Wall Street really loves Amazon's $13.7 billion deal to buy Whole Foods

Key Points
  • "Amazon just rocks. Nothing else to be said," Citron Research's Andrew Left says.
  • But High Tech Strategist's Fred Hickey says: "Amazon seems to be moving further & further afield from their core competency."
Whole Foods deal is another step in the evolution of Amazon: UBS

Amazon just announced its biggest deal yet, and Wall Street loves it.

The e-commerce giant announced a deal to acquire Whole Foods Market for $13.7 billion cash or $42 a share Friday morning.

Amazon shares traded up 2.4 percent Friday, while grocery and retailer stocks plunged on the news. Kroger declined 9.2 percent, Wal-Mart fell 4.7 percent, Costco fell 7.2 percent and Target traded down 5.1 percent respectively.
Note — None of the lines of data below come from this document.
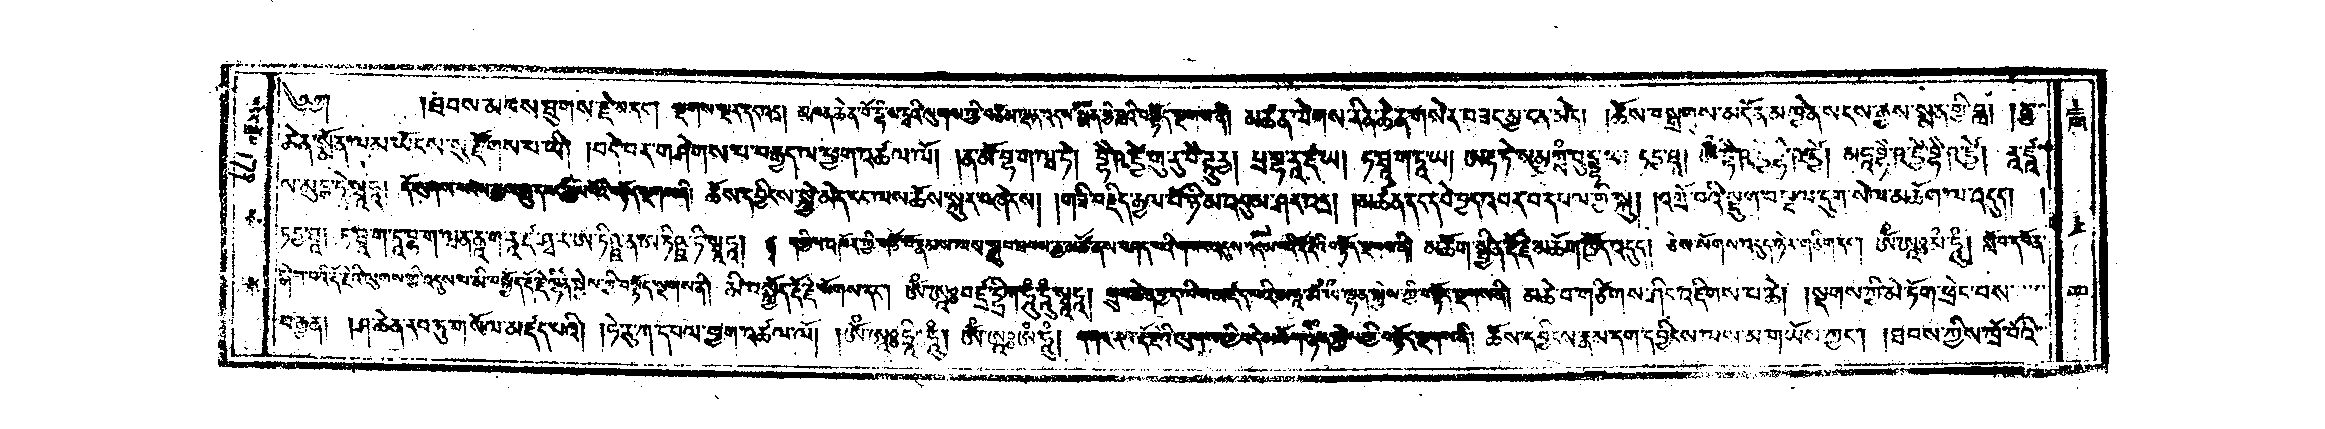༄༅། །ཐབས་མཁས་ཐུགས་རྗེ་མ་དང་། སྔགས་སྔར་དང་འདྲ། མཁན་ཆེན་བོ་དྷི་ས་དྲའི་ལུགས་ཀྱི་བཅོམ་ལྡན་འདས་སྨན༡༥་གྱི་བླའི་བསྟོད་སྔགས་དི། མཚན་ལེགས་རིན་ཆེན་གསེར་བཟང་མྱ་ངན་མེད། །ཆོས་བསྒྲགས་མངོན་མཁྱེན་སངས་རྒྱས་སྨན་གྱི་བླ། །རྒྱ་
ཆེན་སྨོན་ལམ་ཡོངས་སུ་རྫོགས་པ་ཡི། །བདེ་བར་གཤེགས་པ་བརྒྱད་ལ་ཕྱག་འཚལ་ལོ། །ན་མོ་བྷ་ག་ཝ་ཏེ། བྷཻ་ཊཿཨ་ཛྱེ་གུ་རུ་བཻ་ཌཱུརྱ། པྲ་བྷ་རཱ་ཛ་ཡ། ཏ་ཐཱ་ག་ཏཱ་ཡ། ཨརྟ་ཏེ་སམྱཀྶཾ་བུདྡྷ་ཡ། ཏདྱ་ཐཱ། ཨོཾ་བྷཻ་ཥ་ཛྱེ་བྷཻ་ཥ་ཛྱེ། མཧཱ་བྷཻ་ཥ་ཛྱེ་བྷཻ་ཥ་ཛྱེ། རཱ་ཛཱ་
ས་མུངྒ?་ཏེ་སྭཱཧཱ། ཇོ་ལུགས་སངས་རྒྱས་ཐུ་དབང་རྒྱལ༡༦་པོའི་བསྟོད་སྔགས་ནི། ཆོས་དབྱིངས་སྐྱེ་མེད་ངང་ལས་ཆོས་སྐུར་བཞེངས། །གཟི་བརྗིད་རྒྱལ་པོ་ཉི་མ་འབུམ་ཤར་འདྲ། །མཚན་དང་དཔེ་བྱད་འབར་བ་དཔལ་གྱི་སྐུ། །འགྲོ་བའི་སྡུག་བསྔལ་དུག་སེལ་མཆོག་ལ་འདུད། །
ཏདྱ་ཐཱ། ཏ་ཐཱ་ག་ཏཱ་བྷ་ག་ཝན་ནཱ་ག་རཱ་ཛ་ཤྭ་ར་ཨ་ཏིཥཊཿཨ་ན་ཨ་ཏིཥཊཿཨ་ཏི་སྭཱཧཱ། ༈ དཀྱིལ་འཁོར་གྱི་གཙོ་བོ་རྣམས་ལས་སྒྲུབ་ཐབས་རྒྱ་མཚོ་ནས་བཤད་པའི་གསང་འདུས་འཇམ༡༧་པའི་རྡོ་རྗེའི་བསྟོད་སྔགས་ནི། མཆོག་སྦྱིན་རྡོ་རྗེ་མཆོག་ཁྱོད་འདུད། ཅེས་སོགས་འདུད་ཉེར་གཅིག་དང་།  ཨོཾ་ཨཱཿམཾ་ཧཱུཾ། སློབ་དཔོན་
སྒེག་བའི་རྡོ་རྗེའི་ལུགས་ཀྱི་འདུས་པ་མི་བསྐྱོད་རྡོ་རྗེ་ལྷན༡༨་སྐྱེས་ཀྱི་བསྟོད་སྔགས་ནི། མི་བསྐྱོད་རྡོ་རྗེ་སོགས་དང་།  ཨོཾ་ཨཱཿབཛྲ་དྷྲིཀ་ཧཱུཾ་ཧཱུཾ་སྭཱཧཱ། གྲུབ་ཆེན་བྱ་ད་ལིས་མཛད་པའི་མཧཱ་མ་ཡ༡༩་ལྷན་སྐྱེས་ཀྱི་བསྟོད་སྔགས་ནི། མཆེ་བ་གཙིགས་ཤིང་འཇིགས་པ་ཆེ། །སྔགས་ཀྱི་མེ་ཏོག་ཕྲེང་བས་
བརྒྱན། །ཤ་ཆེན་རབ་ཏུ་གསོལ་མཛད་པའི། །ཧེ་རུ་ཀ་དཔལ་ཕྱག་འཚལ་ལོ། །ཨོཾ་ཨཱཿཧྲཱིཿཧཱུཾ། ཨོཾ་ཨཱཿཨཾ་ཧཱུཾ། དགའ་རབ་རྡོ་རྗེའི་ལུགས་ཀྱི་བདེ་མཆོག་ལྷན༢༠་སྐྱེས་ཀྱི་བསྟོད་སྔགས་ནི། ཆོས་དབྱིངས་རྣམ་དག་དབྱིངས་ལས་མ་གཡོས་ཀྱང་། །ཐབས་ཀྱིས་ཁྲོ་བོའི་

The purchase "gives Amazon a launching pad not just for food but possibly drugs as well where customers aren't willing to wait even a day. Some won't survive," Belpointe chief strategist David Nelson wrote in an email.

Even a famous short seller is applauding the acquisition.

"It means that Amazon understands the need for omni-channel retailing and they are dedicated to be all things to all people. There are still some goods that need physical stores and food is one of them," Citron Research's Andrew Left wrote in an email. "When Amazon enters a market, they do it thoughtfully with focus on the customer. … Amazon just rocks. Nothing else to be said."

JPMorgan analyst Doug Anmuth says Amazon will innovate the customer buying experience in Whole Foods Market stores.

"We believe AMZN can work to transform the physical retail experience. We are seeing very early signs here across AMZN Bookstores and the Amazon Go store in Seattle," he wrote in a note to clients. "The checkout-free experience in Go is not yet ready for prime-time as it is still only being beta-tested by AMZN employees, but we believe the Go technology could be rolled out to physical retail, including Whole Foods, over time."

To be sure, there were some skeptics.

"Amazon is an internet company, not a low-margin bricks & mortar grocery company," said Fred Hickey, editor of High Tech Strategist. "It's a concern that Amazon could get bogged down with Whole Foods, a struggling chain of 450 grocery stores. AmazonFresh was supposed to be their vehicle to move into that business. In their never-ending search for growth, Amazon seems to be moving further & further afield from their core competency."

Some on Wall Street predicted this big entry into the food business.

Instinet analyst Anthony DiClemente presciently wrote a report Thursday that Amazon would disrupt grocery business next and that justifies its surging price.

The grocery industry remains one of the "largest and most under-penetrated markets" for the company, he wrote in the note to clients.

With grocery and retailer shares plunging after the deal news it looks like market believes Amazon's disruptive ability now, too.